From the Gazebo to the Outhouse

Donald F. Theall “Transformations of the Book in Joyce’s Dream Vision of Digiculture”
HJS Vol. 4 Issue 2 (2003-04)

http://hjs.ff.cuni.cz/archives/v3/theall4.html

Simultaneously Joyce associates the very nature of the manuscript and book with a fluidity. At various moments in the Wake he affiliates it: with illustration and ornamentation (e.g., the Book of Kells); with electrification and codification (“morse-erse wordybook”); with popular visual and auditory presentation (“comicsongbook”); and finally as a “gazebocroticon.” His fascination with the mechanics of the book is complemented by his awareness of its potentiality for metamorphoses. The ultimate comedy of such metamorphoses is Belinda the Hen, pecking up the letter (i.e., manuscript) from a dung heap (111.5ff), which is later simultaneously transformed into a multiplicity of media–newsreels, nursery rhymes, dreams, a diary, a wireless transmission of music (“bostoons”):

__ This nonday diary, this allnights newseryreel.
__ My dear sir! In this wireless age any owl rooster can peck up bostoons. (489.35-490.1)

Elsewhere in The Medium is the Rear View Mirror: Understanding McLuhan, Theall parses the portmanteau word thus

… a tetradomational gazebocroticon,” emphasizing its four part structure borrowed … forth as a “gazebocroticon” (gaze / book / rote (memorization) / wrote / icon)

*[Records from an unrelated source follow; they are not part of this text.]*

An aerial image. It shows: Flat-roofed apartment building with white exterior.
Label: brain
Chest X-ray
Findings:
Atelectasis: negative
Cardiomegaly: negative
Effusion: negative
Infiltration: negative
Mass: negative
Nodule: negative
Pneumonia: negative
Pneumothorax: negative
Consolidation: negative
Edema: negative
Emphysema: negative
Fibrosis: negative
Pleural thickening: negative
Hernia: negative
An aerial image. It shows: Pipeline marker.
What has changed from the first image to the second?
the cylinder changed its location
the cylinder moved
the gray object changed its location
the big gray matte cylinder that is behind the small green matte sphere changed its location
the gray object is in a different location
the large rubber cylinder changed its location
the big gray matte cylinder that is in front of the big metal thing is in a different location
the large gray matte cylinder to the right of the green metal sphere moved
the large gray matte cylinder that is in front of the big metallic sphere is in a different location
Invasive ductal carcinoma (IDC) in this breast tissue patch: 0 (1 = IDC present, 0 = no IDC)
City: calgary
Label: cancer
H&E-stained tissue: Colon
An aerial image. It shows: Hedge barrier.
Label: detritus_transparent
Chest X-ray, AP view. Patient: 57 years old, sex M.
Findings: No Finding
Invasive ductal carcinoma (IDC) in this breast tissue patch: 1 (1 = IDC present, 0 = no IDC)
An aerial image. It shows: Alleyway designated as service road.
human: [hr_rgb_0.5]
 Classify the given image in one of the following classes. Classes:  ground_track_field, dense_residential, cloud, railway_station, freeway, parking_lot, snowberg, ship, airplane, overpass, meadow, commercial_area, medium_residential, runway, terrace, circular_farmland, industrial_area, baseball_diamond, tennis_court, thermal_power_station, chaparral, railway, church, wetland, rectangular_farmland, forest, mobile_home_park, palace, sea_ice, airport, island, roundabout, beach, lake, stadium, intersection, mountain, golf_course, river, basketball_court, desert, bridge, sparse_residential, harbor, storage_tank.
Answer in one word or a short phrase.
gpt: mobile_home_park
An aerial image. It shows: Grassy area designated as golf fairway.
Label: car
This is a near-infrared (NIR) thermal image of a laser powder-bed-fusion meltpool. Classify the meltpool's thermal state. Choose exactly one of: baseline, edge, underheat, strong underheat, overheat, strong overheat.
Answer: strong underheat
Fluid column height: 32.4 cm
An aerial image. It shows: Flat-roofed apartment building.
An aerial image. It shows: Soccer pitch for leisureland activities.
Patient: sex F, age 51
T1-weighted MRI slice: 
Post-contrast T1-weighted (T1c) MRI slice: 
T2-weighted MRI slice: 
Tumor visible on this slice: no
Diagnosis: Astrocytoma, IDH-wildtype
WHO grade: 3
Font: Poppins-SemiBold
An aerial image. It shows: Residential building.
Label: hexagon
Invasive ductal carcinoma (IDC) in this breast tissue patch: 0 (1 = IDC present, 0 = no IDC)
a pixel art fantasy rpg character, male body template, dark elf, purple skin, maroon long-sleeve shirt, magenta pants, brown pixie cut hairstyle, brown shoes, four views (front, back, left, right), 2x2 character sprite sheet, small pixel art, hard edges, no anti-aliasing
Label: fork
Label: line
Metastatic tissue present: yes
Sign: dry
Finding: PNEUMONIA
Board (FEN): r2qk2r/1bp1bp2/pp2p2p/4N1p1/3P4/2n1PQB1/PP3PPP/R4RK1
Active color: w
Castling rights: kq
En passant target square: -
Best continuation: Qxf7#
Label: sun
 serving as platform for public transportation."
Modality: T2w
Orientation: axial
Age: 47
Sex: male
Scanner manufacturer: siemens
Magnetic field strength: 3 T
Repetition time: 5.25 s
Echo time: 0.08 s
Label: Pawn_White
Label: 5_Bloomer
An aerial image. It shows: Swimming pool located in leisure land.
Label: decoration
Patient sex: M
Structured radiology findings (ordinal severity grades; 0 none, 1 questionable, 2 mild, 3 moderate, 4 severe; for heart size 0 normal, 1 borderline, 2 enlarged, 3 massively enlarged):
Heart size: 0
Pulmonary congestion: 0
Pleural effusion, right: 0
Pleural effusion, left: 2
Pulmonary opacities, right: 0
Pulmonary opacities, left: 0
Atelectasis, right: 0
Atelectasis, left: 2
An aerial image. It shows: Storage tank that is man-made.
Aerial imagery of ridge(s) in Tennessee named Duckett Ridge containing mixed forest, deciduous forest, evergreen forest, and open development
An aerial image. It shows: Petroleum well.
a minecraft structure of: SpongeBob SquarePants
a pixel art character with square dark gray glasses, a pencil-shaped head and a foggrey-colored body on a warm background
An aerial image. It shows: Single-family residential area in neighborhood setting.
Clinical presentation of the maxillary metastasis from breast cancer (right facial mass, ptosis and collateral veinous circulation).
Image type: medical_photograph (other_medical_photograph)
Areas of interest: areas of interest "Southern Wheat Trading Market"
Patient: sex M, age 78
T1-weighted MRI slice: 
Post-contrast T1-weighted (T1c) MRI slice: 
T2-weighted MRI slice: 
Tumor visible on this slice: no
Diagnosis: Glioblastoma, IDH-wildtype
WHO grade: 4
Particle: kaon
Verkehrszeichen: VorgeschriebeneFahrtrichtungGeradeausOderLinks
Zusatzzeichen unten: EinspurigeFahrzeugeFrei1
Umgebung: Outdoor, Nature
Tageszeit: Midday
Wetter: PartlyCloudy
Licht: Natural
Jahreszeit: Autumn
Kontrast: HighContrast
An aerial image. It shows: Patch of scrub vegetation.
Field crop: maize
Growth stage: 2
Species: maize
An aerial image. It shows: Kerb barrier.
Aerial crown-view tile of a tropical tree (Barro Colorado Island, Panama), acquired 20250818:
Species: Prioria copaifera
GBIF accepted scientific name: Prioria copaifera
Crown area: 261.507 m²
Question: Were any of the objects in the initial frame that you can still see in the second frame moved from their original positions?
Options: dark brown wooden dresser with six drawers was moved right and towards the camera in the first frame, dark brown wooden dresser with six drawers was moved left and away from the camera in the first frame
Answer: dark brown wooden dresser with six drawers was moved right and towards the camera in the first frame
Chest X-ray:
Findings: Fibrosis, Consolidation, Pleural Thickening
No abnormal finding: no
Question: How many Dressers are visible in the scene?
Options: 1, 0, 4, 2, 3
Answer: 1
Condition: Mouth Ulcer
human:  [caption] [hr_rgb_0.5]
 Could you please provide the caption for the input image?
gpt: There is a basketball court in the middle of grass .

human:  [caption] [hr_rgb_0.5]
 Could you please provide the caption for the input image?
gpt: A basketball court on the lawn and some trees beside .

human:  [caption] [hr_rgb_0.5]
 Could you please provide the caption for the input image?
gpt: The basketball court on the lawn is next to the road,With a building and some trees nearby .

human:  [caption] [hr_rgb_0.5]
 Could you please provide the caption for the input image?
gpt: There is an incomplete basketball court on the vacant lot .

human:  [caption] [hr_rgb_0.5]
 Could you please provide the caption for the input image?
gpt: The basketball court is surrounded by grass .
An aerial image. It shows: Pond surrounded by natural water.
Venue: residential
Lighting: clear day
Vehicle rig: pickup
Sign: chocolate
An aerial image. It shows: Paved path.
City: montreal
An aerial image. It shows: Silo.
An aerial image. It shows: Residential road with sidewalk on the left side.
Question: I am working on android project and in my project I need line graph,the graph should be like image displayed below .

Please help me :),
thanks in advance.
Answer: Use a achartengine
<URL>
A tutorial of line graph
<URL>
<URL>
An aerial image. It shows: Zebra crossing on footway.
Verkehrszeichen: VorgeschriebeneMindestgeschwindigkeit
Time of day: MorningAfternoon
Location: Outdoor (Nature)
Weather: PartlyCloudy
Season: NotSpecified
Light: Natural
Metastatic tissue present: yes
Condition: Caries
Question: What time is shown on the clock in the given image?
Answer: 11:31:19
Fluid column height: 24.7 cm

But what if we split it into gazebo-croticon

A multilingual gloss…

Crotte (Larouse Dictionnaire Français-Anglais)
Crotte f. Dung, dropping (excrément). || Mud, dirt (boue). || CULIN. Chocolate. || AVIAT., POP. Bomb.

I can’t help be hearing in Joyce’s gazebocroticon an echo of Basilikon Doron.

A true “royal gift”. All “boc rot” — book rot — crotte indeed. The Joyce I read is highly scatalogical. There is no missing the whiff.